Of course, you can handle more cases by using multiple ELSE IF statements. I have seen SAS programs that contain contains dozens of ELSE clauses. Sometimes a long sequence of IF-THEN/ELSE statements is necessary, such as when you are testing complex logical conditions.

Flow chart diagram for a switch statement (SELECT statement)

An alternative control statement in SAS is the SELECT-WHEN statement. The SELECT-WHEN statement (sometimes simply called the SELECT statement) enables you to conditionally execute statements based on the value of a single categorical variable. Usually the variable can have three or more valid values that you want to handle.

The following example uses the Sashelp.Heart data set, which contains data for 5,167 patients in a medical study. The Smoking_Status variable is a categorical variable that encodes the average number of cigarettes that each patient smokes per day. The following DATA step view implements a recoding scheme, which is sometimes the easiest way to force levels of a nominal variable to appear in a natural order during a SAS analysis.

/* example of using the SELECT statement */
data Heart / view=Heart;
set sashelp.heart;
select (Smoking_Status);
   when ('Non-smoker')        Smoking_Cat=1;
   when ('Light (1-5)')       Smoking_Cat=2;
   when ('Moderate (6-15)')   Smoking_Cat=3;
   when ('Heavy (16-25)')     Smoking_Cat=4;
   when ('Very Heavy (> 25)') Smoking_Cat=5;
   otherwise                  Smoking_Cat=.;
end;
run;

The SELECT-WHEN statement is easy to read. You specify the name of a variable on the SELECT statement. You then list a sequence of WHEN statements. Each WHEN statement specifies a particular value for the variable. If the variable has that value, the program conditionally executes a statement, which in this example assigns a value to the Smoking_Cat variable.

Notice that you can use the OTHERWISE keyword to handle missing values, invalid data, or default actions.

You can also combine categories in a WHEN statement. For example, in a statistical analysis you might want to combine the 'Heavy' and 'Very Heavy' categories into a single group. In the WHEN statement you can specify multiple values in a comma-separated list:

   /* combine the 'Heavy' and 'Very Heavy' categories */
   when ('Heavy (16-25)', 'Very Heavy (> 25)') Smoking_Cat=4;

If the WHEN condition is true, the program will execute one statement. This is the same rule that the IF-THEN statement follows. To execute more than one statement, use a DO-END block, which groups statements together:

   when ('Non-smoker') do;       /* execute multiple statements */
      Smoking_Cat=1;
      IsSmoker = 0;
   end;

I use the SELECT-WHEN statement as a "table lookup" when a program needs to branch according to the value of a single categorical variable that has three or more valid values. The basic SELECT-WHEN statement is not as flexible as the IF-THEN/ELSE statement, but, when applicable, it results in very clean and easy-to-read programs.

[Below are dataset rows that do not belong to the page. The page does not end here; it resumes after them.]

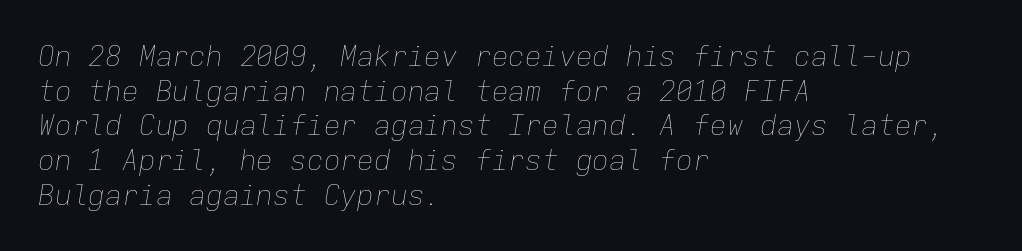
The image shows 28 px thin type, italic (leaning right), monospaced; set left-aligned, line spacing 1.24x, normal letter spacing, not underlined; low stroke contrast and a medium x-height.
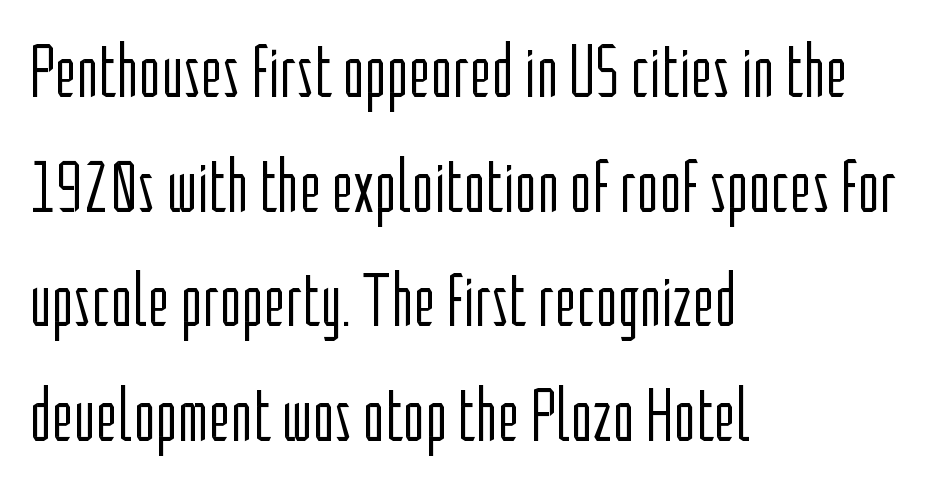
A student would call this left alignment; a typographer would say flush left, rag right. Unlike italic type, these characters show no tilt at all. The characters display no serif detailing; their extremities are plain. Leading: standard. These lines are rendered in a variable-pitch font. The tracking reads as untouched default to a designer's eye.
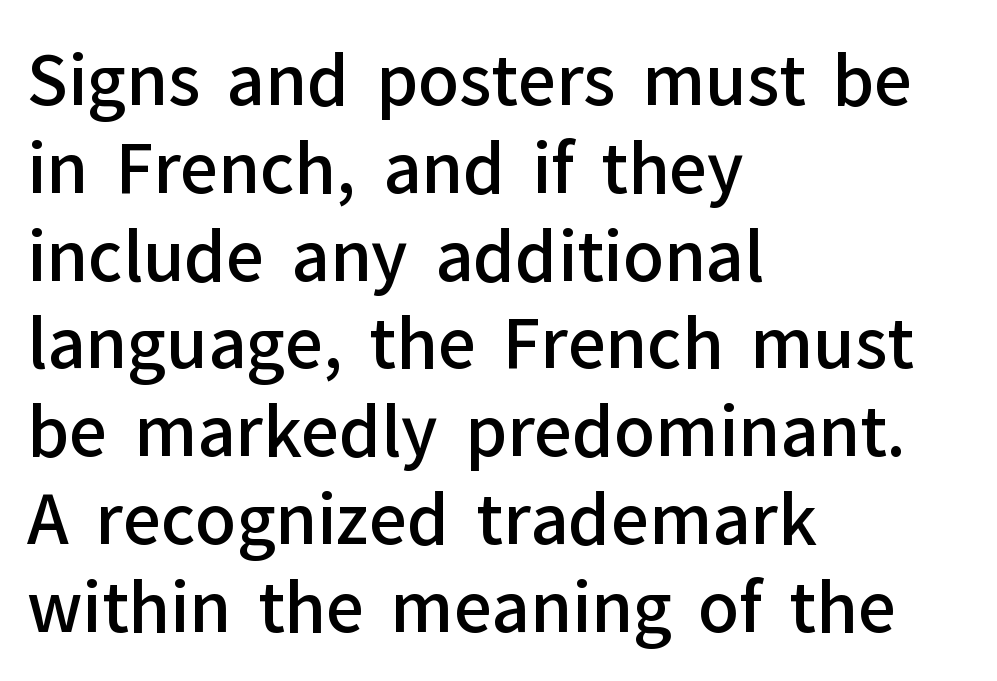
The image shows 67 px semibold sans-serif type, upright; set left-aligned, normal line spacing (1.31x), normal letter spacing, not underlined; low stroke contrast and a medium x-height.
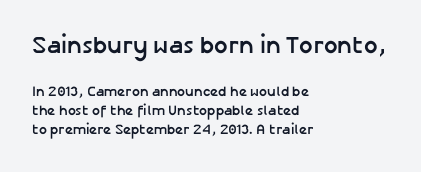
Every row of glyphs begins at an identical x-position on the left. A normal amount of white space separates one row of letters from the next. What stands out about the letter spacing? Nothing — it is the standard amount. The letters stand straight up with perfectly vertical stems. A bare baseline throughout the passage.
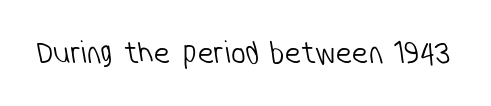
Q: Is the text bold? A: No.
Q: Is the typeface a serif or a sans-serif typeface? A: Sans-serif.
Q: Is the text underlined? A: No.
Q: Is the spacing between letters normal or unusually wide? A: Normal.
Q: Width (condensed, normal, or wide)? A: Condensed.
Q: Stroke contrast? A: Low.
Q: x-height? A: Medium.
Q: Monospaced? A: No.
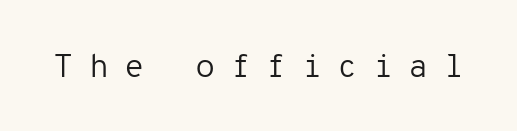
The image shows 33 px regular-weight sans-serif type, upright, monospaced; set unusually wide letter spacing (+0.46 em), not underlined; low stroke contrast and a medium x-height.
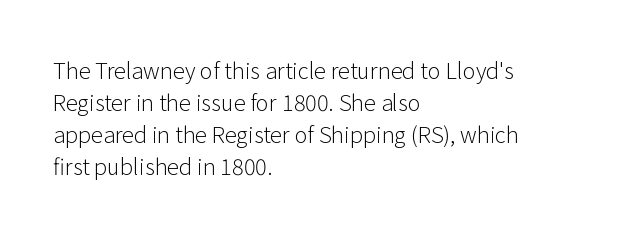
Weight: in the light-to-regular range. These lines keep a tight, regular rhythm from letter to letter. Any mark beneath the type? The region is blank. Left-aligned paragraph, ragged on the right. If you drew a line through each stem, it would be perfectly vertical. Honestly, the row spacing looks completely unremarkable.
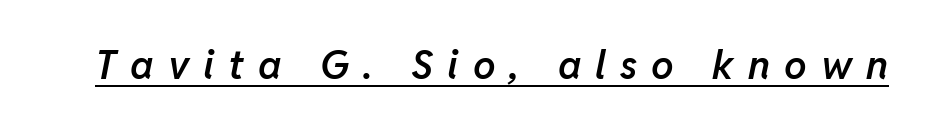
The image shows 40 px semibold type, italic (leaning right); set unusually wide letter spacing (+0.35 em), underlined; low stroke contrast and a medium x-height.
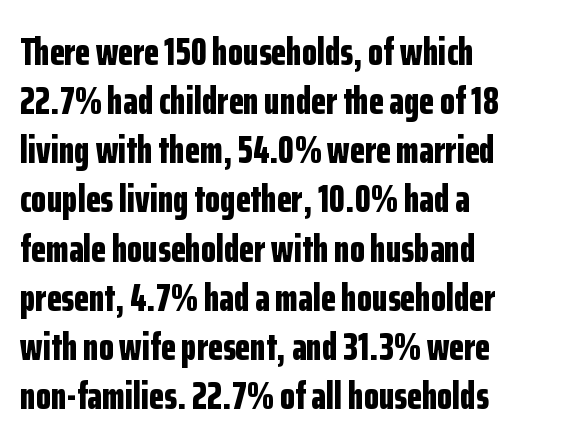
{"serif": "no", "italic": "no", "bold": "yes", "weight": "bold", "width": "condensed", "stroke_contrast": "low", "x_height": "medium", "monospaced": "no", "underline": "no", "align": "left", "line_spacing": "normal", "line_spacing_ratio": 1.26, "letter_spacing": "normal", "letter_spacing_em": 0.0, "glyph_px": 39}

Other languages have similar branching statements. The SQL language supports a CASE-WHEN statement. The C/C++ and Java/Javascript languages support a switch-case statement. Whereas the CASE-WHEN statement in SAS executes one statement, the switch-case statement implements fallthrough, so C-programmers often use the break statement to exit the switch block.

Some languages do not support a special switch statement, but instead require that you use IF-THEN/ELSE statements. Python and the SAS/IML language fall into this category.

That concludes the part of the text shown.